Which lines of the data contain the string "bold"? Copy every one of them.
BEGIN Records shown
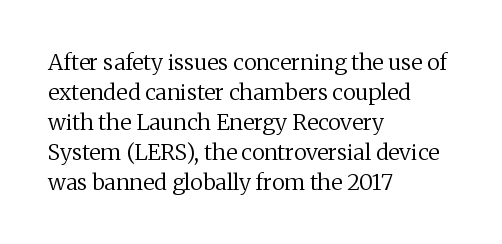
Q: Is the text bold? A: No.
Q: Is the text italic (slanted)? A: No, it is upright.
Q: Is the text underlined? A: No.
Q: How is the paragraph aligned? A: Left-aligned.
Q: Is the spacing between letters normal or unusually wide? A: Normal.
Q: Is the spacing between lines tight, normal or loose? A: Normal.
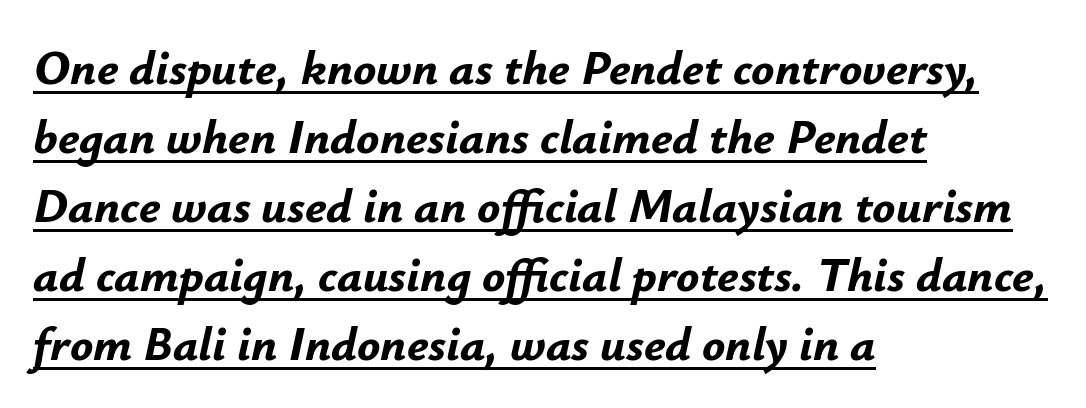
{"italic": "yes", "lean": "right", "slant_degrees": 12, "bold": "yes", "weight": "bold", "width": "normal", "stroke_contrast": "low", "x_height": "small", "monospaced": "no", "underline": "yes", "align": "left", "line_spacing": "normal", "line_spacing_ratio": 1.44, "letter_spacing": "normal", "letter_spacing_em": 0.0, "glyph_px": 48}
END Records shown
BEGIN Records shown
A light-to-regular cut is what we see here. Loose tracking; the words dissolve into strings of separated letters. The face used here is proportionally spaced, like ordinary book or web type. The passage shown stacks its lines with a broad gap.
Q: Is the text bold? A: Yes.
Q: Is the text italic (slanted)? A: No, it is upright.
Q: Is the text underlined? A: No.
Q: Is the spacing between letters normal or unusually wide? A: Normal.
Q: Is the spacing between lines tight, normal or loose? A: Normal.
END Records shown
- Response to this task
Q: Is the text bold? A: No.
{"italic": "yes", "lean": "right", "slant_degrees": 12, "bold": "yes", "weight": "bold", "width": "normal", "stroke_contrast": "low", "x_height": "small", "monospaced": "no", "underline": "yes", "align": "left", "line_spacing": "normal", "line_spacing_ratio": 1.44, "letter_spacing": "normal", "letter_spacing_em": 0.0, "glyph_px": 48}
Q: Is the text bold? A: Yes.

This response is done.